A more fruitful approach was offered by a biophysicist who wrote Nature last week, suggesting that we “Look at biological systems through an engineer’s eye.”5 R. S. Eisenberg said that when approaching a black box, whether an amplifier in a sound system or an unknown mechanism in a living cell, we should identify the inputs and outputs, the power supply and the device equation. Looking at biological devices with the eyes of an engineer, he said, can lead to fruitful experiments:
Complex systems – for example, with many internal nonlinear connections like the integrated circuit modules of digital computers or, perhaps, the central nervous system – may not be easily analysed as devices, no matter how many experimental data are available. But it seems clear, at least to a physiologist, that productive research is catalysed by assuming that most biological systems are devices. Thinking today of your biological preparation as a device tells you what experiments to do tomorrow.
Asking the questions in this way leads to the design of useful experiments that may eventually lead to the device description or equation, if it exists. If no device description emerges after extensive investigation of a biological system, one can look for other, more subtle descriptions of nature’s machines.
An intelligent design scientist might feel vindicated. No evolutionary theorizing is needed in this approach.

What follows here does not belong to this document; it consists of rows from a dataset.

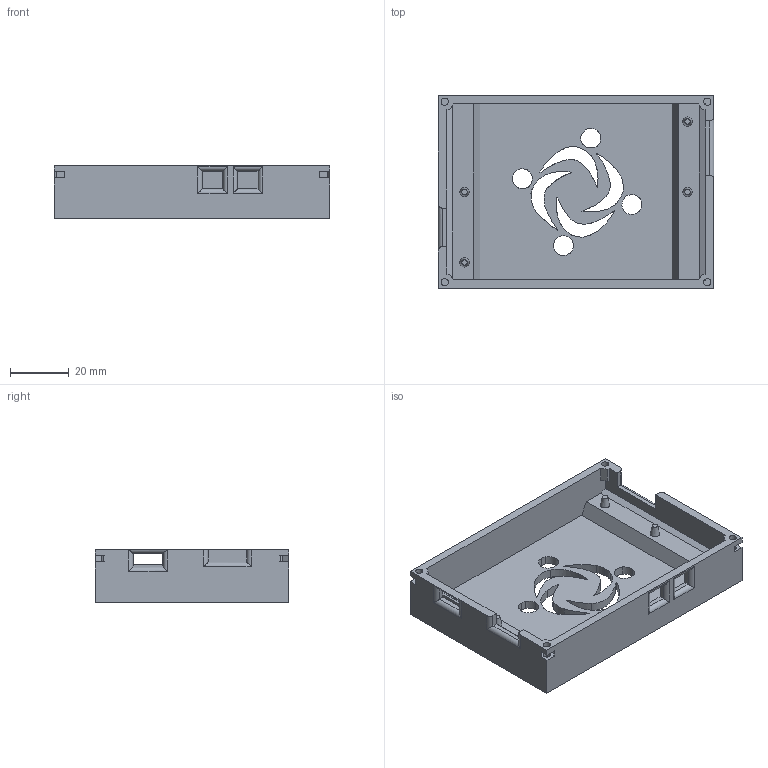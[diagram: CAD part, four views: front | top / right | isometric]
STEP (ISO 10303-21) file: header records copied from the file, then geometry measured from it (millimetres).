
FILE_DESCRIPTION(/* description */ (''),/* implementation_level */ '2;1');
FILE_NAME(/* name */ 'Body_220412.step',/* time_stamp */ '2022-04-12T15:56:25+09:00',/* author */ (''),/* organization */ (''),/* preprocessor_version */ 'ST-DEVELOPER v18.1',/* originating_system */ 'Autodesk Translation Framework v10.14.0.1471',/* authorisation */ '');
FILE_SCHEMA (('AUTOMOTIVE_DESIGN { 1 0 10303 214 3 1 1 }'));
Length unit declared in the file: millimetre
Products named in the file (1): Body
Bounding box: 94 x 66 x 18 mm (x, y, z)
Volume: 35799.7 mm3; surface area: 22275.4 mm2
Topology: 1 solids, 1 shells, 173 faces, 493 edges, 322 vertices
Faces by surface type: plane 89, bspline 54, cylinder 26, cone 4
Full cylindrical faces by diameter (mm): 2.5 x8
Entity records: 5847 total; most frequent: CARTESIAN_POINT 1725, ORIENTED_EDGE 986, DIRECTION 675, EDGE_CURVE 493, LINE 331, VECTOR 331, VERTEX_POINT 322, EDGE_LOOP 211

Assuming design in the device, and asking engineering questions, can stimulate a fruitful experimental program.
1Shiroguchi and Kinosita, “Myosin V Walks by Lever Action and Brownian Motion,” Science, 25 May 2007: Vol. 316. no. 5828, pp. 1208-1212, DOI: 10.1126/science.1140468.

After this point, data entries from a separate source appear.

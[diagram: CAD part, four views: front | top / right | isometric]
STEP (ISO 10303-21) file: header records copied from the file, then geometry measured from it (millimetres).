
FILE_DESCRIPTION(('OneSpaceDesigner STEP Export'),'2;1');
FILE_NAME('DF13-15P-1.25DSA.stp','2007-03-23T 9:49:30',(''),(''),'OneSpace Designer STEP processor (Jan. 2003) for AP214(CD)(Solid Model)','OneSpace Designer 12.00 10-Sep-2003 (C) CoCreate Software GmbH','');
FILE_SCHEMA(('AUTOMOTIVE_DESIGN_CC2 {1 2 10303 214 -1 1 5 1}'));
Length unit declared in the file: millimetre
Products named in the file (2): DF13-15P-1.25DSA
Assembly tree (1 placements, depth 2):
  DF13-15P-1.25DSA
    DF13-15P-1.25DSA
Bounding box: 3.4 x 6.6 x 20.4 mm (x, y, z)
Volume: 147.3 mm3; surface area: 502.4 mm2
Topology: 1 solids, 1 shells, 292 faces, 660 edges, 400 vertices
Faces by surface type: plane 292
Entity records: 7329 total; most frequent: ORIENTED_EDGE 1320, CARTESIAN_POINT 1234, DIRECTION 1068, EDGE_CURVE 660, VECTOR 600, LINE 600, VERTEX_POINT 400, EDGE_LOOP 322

2Grimaldi and Sassone-Corsi, “Circadian rhythms: Metabolic clockwork,” Nature 447, 386-387 (24 May 2007) | doi:10.1038/447386a.
3Blencowe and Khanna, “Molecular biology: RNA in control,” Nature 47, 391-393 (24 May 2007) | doi:10.1038/447391a.

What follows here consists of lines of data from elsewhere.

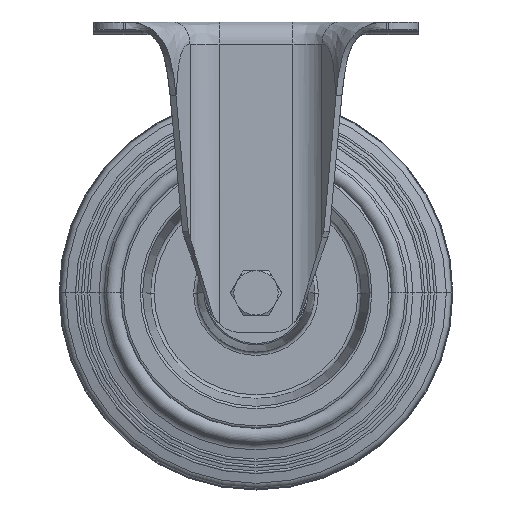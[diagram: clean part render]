
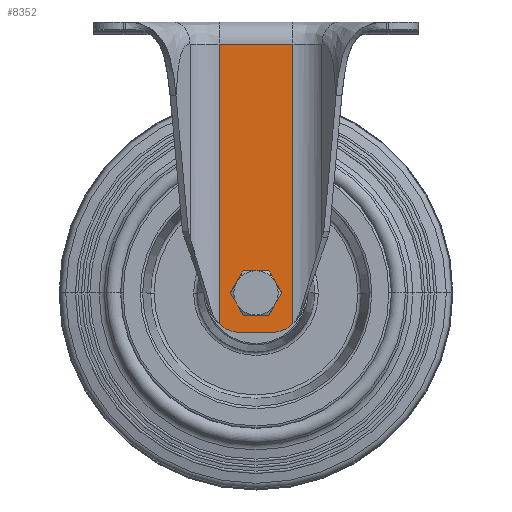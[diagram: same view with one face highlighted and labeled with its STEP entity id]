
A CAD part, top view. The second image highlights one B-rep face of the part: STEP entity #8352.
In plain terms, the highlighted planar face has unit normal (0, 0, 1).
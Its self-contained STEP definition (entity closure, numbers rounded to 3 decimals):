
#169 = VECTOR ( 'NONE', #17795, 1000. ) ;
#1140 = AXIS2_PLACEMENT_3D ( 'NONE', #5850, #8370, #26158 ) ;
#1289 = CARTESIAN_POINT ( 'NONE',  ( -6.05, -110., 34. ) ) ;
#1765 = AXIS2_PLACEMENT_3D ( 'NONE', #28895, #21693, #3728 ) ;
#3046 = FACE_OUTER_BOUND ( 'NONE', #18499, .T. ) ;
#3118 = ORIENTED_EDGE ( 'NONE', *, *, #8154, .F. ) ;
#3462 = VERTEX_POINT ( 'NONE', #26925 ) ;
#3612 = DIRECTION ( 'NONE',  ( -1., 0., 0. ) ) ;
#3728 = DIRECTION ( 'NONE',  ( 0., -1., 0. ) ) ;
#4390 = EDGE_CURVE ( 'NONE', #28062, #5482, #22910, .T. ) ;
#4808 = VERTEX_POINT ( 'NONE', #22483 ) ;
#4990 = FACE_BOUND ( 'NONE', #10864, .T. ) ;
#5294 = CARTESIAN_POINT ( 'NONE',  ( 15., 0., 34. ) ) ;
#5482 = VERTEX_POINT ( 'NONE', #10633 ) ;
#5523 = CARTESIAN_POINT ( 'NONE',  ( 15., -122.471, 34. ) ) ;
#5850 = CARTESIAN_POINT ( 'NONE',  ( 0., -110., 34. ) ) ;
#6323 = DIRECTION ( 'NONE',  ( 0., 1., 0. ) ) ;
#6811 = LINE ( 'NONE', #27548, #23689 ) ;
#8057 = VECTOR ( 'NONE', #6323, 1000. ) ;
#8154 = EDGE_CURVE ( 'NONE', #5482, #17563, #6811, .T. ) ;
#8266 = EDGE_CURVE ( 'NONE', #26081, #3462, #22200, .T. ) ;
#8352 = ADVANCED_FACE ( 'NONE', ( #4990, #3046 ), #11773, .F. ) ;
#8370 = DIRECTION ( 'NONE',  ( 0., 0., 1. ) ) ;
#10055 = CARTESIAN_POINT ( 'NONE',  ( -15., -122.471, 34. ) ) ;
#10633 = CARTESIAN_POINT ( 'NONE',  ( 6.5, -126., 34. ) ) ;
#10862 = CARTESIAN_POINT ( 'NONE',  ( 0., -110., 34. ) ) ;
#10864 = EDGE_LOOP ( 'NONE', ( #15884, #25936 ) ) ;
#11511 = AXIS2_PLACEMENT_3D ( 'NONE', #5294, #14274, #22788 ) ;
#11773 = PLANE ( 'NONE',  #11511 ) ;
#12207 = ORIENTED_EDGE ( 'NONE', *, *, #20405, .T. ) ;
#12937 = ORIENTED_EDGE ( 'NONE', *, *, #4390, .F. ) ;
#14010 = VECTOR ( 'NONE', #19839, 1000. ) ;
#14274 = DIRECTION ( 'NONE',  ( 0., 0., -1. ) ) ;
#15318 = CARTESIAN_POINT ( 'NONE',  ( 15., 0., 34. ) ) ;
#15884 = ORIENTED_EDGE ( 'NONE', *, *, #22507, .F. ) ;
#15924 = CIRCLE ( 'NONE', #28127, 12. ) ;
#15966 = EDGE_CURVE ( 'NONE', #4808, #27162, #22679, .T. ) ;
#17563 = VERTEX_POINT ( 'NONE', #18461 ) ;
#17790 = EDGE_CURVE ( 'NONE', #3462, #18877, #19686, .T. ) ;
#17795 = DIRECTION ( 'NONE',  ( 0., 1., 0. ) ) ;
#18360 = ORIENTED_EDGE ( 'NONE', *, *, #25838, .F. ) ;
#18461 = CARTESIAN_POINT ( 'NONE',  ( -6.5, -126., 34. ) ) ;
#18499 = EDGE_LOOP ( 'NONE', ( #20724, #18360, #3118, #12937, #12207, #28529 ) ) ;
#18877 = VERTEX_POINT ( 'NONE', #20840 ) ;
#19686 = LINE ( 'NONE', #28667, #14010 ) ;
#19839 = DIRECTION ( 'NONE',  ( 1., 0., 0. ) ) ;
#20165 = DIRECTION ( 'NONE',  ( 0., -1., 0. ) ) ;
#20283 = CARTESIAN_POINT ( 'NONE',  ( -15., 0., 34. ) ) ;
#20405 = EDGE_CURVE ( 'NONE', #28062, #18877, #21923, .T. ) ;
#20448 = CARTESIAN_POINT ( 'NONE',  ( -6.5, -114., 34. ) ) ;
#20724 = ORIENTED_EDGE ( 'NONE', *, *, #8266, .F. ) ;
#20840 = CARTESIAN_POINT ( 'NONE',  ( 15., -9., 34. ) ) ;
#21693 = DIRECTION ( 'NONE',  ( 0., 0., -1. ) ) ;
#21923 = LINE ( 'NONE', #15318, #8057 ) ;
#22200 = LINE ( 'NONE', #20283, #169 ) ;
#22220 = AXIS2_PLACEMENT_3D ( 'NONE', #10862, #28350, #3612 ) ;
#22483 = CARTESIAN_POINT ( 'NONE',  ( 6.05, -110., 34. ) ) ;
#22507 = EDGE_CURVE ( 'NONE', #27162, #4808, #26556, .T. ) ;
#22679 = CIRCLE ( 'NONE', #22220, 6.05 ) ;
#22788 = DIRECTION ( 'NONE',  ( -1., 0., 0. ) ) ;
#22910 = CIRCLE ( 'NONE', #1765, 12. ) ;
#23689 = VECTOR ( 'NONE', #24767, 1000. ) ;
#24767 = DIRECTION ( 'NONE',  ( -1., 0., 0. ) ) ;
#25838 = EDGE_CURVE ( 'NONE', #17563, #26081, #15924, .T. ) ;
#25936 = ORIENTED_EDGE ( 'NONE', *, *, #15966, .F. ) ;
#26081 = VERTEX_POINT ( 'NONE', #10055 ) ;
#26158 = DIRECTION ( 'NONE',  ( -1., 0., 0. ) ) ;
#26556 = CIRCLE ( 'NONE', #1140, 6.05 ) ;
#26925 = CARTESIAN_POINT ( 'NONE',  ( -15., -9., 34. ) ) ;
#27162 = VERTEX_POINT ( 'NONE', #1289 ) ;
#27548 = CARTESIAN_POINT ( 'NONE',  ( 15., -126., 34. ) ) ;
#28062 = VERTEX_POINT ( 'NONE', #5523 ) ;
#28127 = AXIS2_PLACEMENT_3D ( 'NONE', #20448, #28841, #20165 ) ;
#28350 = DIRECTION ( 'NONE',  ( 0., 0., 1. ) ) ;
#28529 = ORIENTED_EDGE ( 'NONE', *, *, #17790, .F. ) ;
#28667 = CARTESIAN_POINT ( 'NONE',  ( 74.112, -9., 34. ) ) ;
#28841 = DIRECTION ( 'NONE',  ( 0., 0., -1. ) ) ;
#28895 = CARTESIAN_POINT ( 'NONE',  ( 6.5, -114., 34. ) ) ;

4Togashi and Mikhailov, “Nonlinear relaxation dynamics in elastic networks and design principles of molecular machines,” Proceedings of the National Academy of Sciences USA, 10.1073/pnas.0702950104, published online before print May 16, 2007.
5R. S. Eisenberg, “Look at biological systems through an engineer’s eye,” Correspondence, Nature 447, 376 (24 May 2007) | doi:10.1038/447376a.
These papers speak for themselves. Was anybody impressed by the evolutionary storytelling? Was it useful? Did it contribute to understanding in any way? How about, on the other hand, the machine language? Can you talk machine language without assuming intelligent design? Where do you think science is headed? Bye-bye, Charlie.